= Provided material =
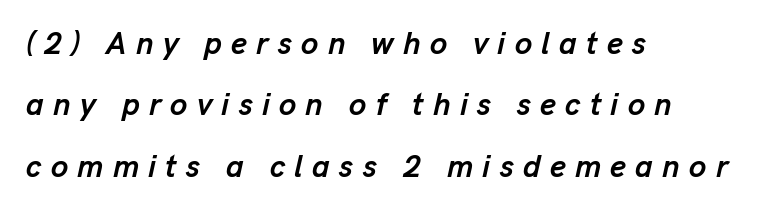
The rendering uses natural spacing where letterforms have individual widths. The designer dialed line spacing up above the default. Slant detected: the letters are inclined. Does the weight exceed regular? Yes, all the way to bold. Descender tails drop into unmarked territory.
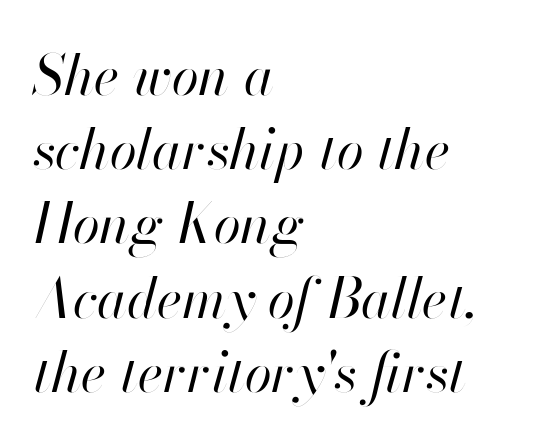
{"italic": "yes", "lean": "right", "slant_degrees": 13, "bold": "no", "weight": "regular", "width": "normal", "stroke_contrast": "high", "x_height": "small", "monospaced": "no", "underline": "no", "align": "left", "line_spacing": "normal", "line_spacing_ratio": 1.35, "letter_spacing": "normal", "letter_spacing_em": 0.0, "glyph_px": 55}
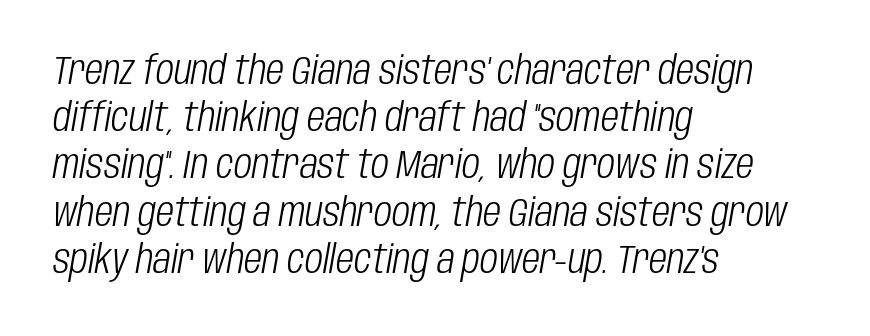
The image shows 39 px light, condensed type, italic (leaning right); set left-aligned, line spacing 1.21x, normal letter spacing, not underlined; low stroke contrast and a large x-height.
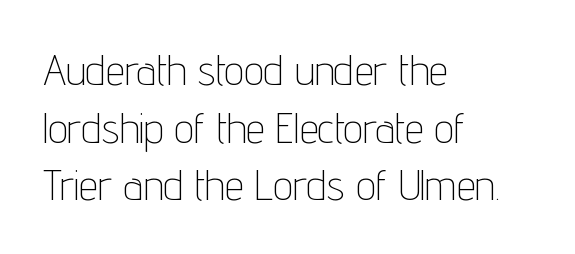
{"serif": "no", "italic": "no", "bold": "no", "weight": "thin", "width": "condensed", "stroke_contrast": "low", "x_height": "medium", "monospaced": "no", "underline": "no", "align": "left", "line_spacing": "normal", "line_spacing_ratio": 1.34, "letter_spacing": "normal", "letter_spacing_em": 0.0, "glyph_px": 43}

= Task statement =
Only the lines from the one containing "The image shows" through the last line of the data belong in the copy, both included and reproduced exactly. Pictures do not.

= Output =
The image shows 39 px light, condensed type, italic (leaning right); set left-aligned, line spacing 1.21x, normal letter spacing, not underlined; low stroke contrast and a large x-height.
{"serif": "no", "italic": "no", "bold": "no", "weight": "thin", "width": "condensed", "stroke_contrast": "low", "x_height": "medium", "monospaced": "no", "underline": "no", "align": "left", "line_spacing": "normal", "line_spacing_ratio": 1.34, "letter_spacing": "normal", "letter_spacing_em": 0.0, "glyph_px": 43}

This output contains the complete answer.